Saved entries
>>>>>

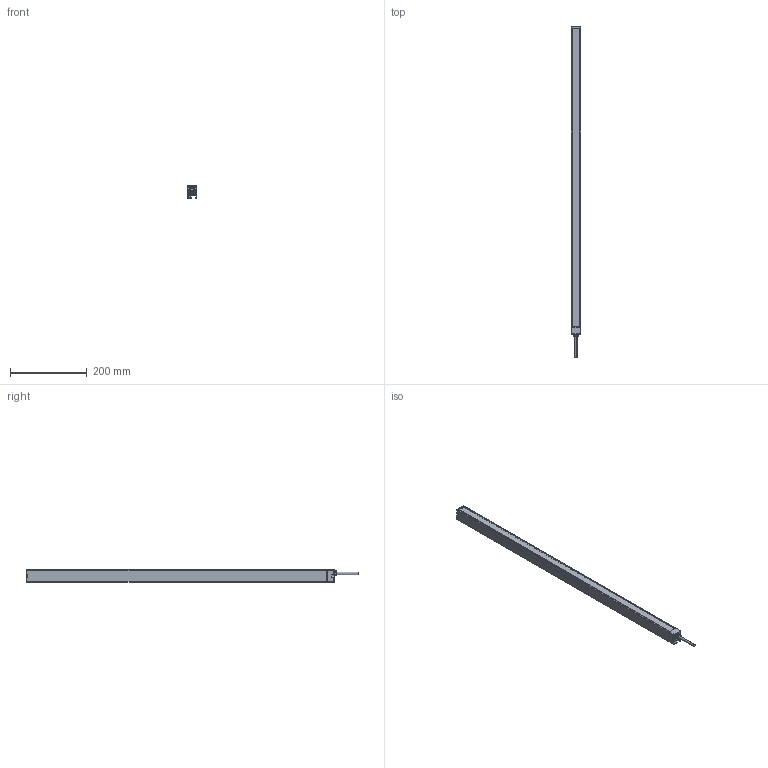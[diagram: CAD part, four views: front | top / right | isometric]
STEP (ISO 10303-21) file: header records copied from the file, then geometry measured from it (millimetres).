
FILE_DESCRIPTION((''),'2;1');
FILE_NAME('158548_SW','2012-12-03T',('banengservice'),('BANNER ENGINEERING'),'PRO/ENGINEER BY PARAMETRIC TECHNOLOGY CORPORATION, 2009141','PRO/ENGINEER BY PARAMETRIC TECHNOLOGY CORPORATION, 2009141','');
FILE_SCHEMA(('CONFIG_CONTROL_DESIGN'));
Length unit declared in the file: inch
Products named in the file (1): 158548_SW
Bounding box: 25.4 x 862.69 x 31.75 mm (x, y, z)
Volume: 191591.1 mm3; surface area: 220391 mm2
Topology: 3 solids, 3 shells, 734 faces, 1970 edges, 1243 vertices
Faces by surface type: plane 435, cylinder 231, torus 47, cone 11, bspline 6, sphere 4
Entity records: 23572 total; most frequent: CARTESIAN_POINT 4803, DIRECTION 3956, ORIENTED_EDGE 3940, EDGE_CURVE 1970, VECTOR 1344, LINE 1344, AXIS2_PLACEMENT_3D 1306, VERTEX_POINT 1243

<<<<<

_Work to complete_
Output all the records above exactly, but without their images.

_Answer to this exercise_
[diagram: CAD part, four views: front | top / right | isometric]
STEP (ISO 10303-21) file: header records copied from the file, then geometry measured from it (millimetres).
FILE_DESCRIPTION((''),'2;1');
FILE_NAME('158548_SW','2012-12-03T',('banengservice'),('BANNER ENGINEERING'),'PRO/ENGINEER BY PARAMETRIC TECHNOLOGY CORPORATION, 2009141','PRO/ENGINEER BY PARAMETRIC TECHNOLOGY CORPORATION, 2009141','');
FILE_SCHEMA(('CONFIG_CONTROL_DESIGN'));
Length unit declared in the file: inch
Products named in the file (1): 158548_SW
Bounding box: 25.4 x 862.69 x 31.75 mm (x, y, z)
Volume: 191591.1 mm3; surface area: 220391 mm2
Topology: 3 solids, 3 shells, 734 faces, 1970 edges, 1243 vertices
Faces by surface type: plane 435, cylinder 231, torus 47, cone 11, bspline 6, sphere 4
Entity records: 23572 total; most frequent: CARTESIAN_POINT 4803, DIRECTION 3956, ORIENTED_EDGE 3940, EDGE_CURVE 1970, VECTOR 1344, LINE 1344, AXIS2_PLACEMENT_3D 1306, VERTEX_POINT 1243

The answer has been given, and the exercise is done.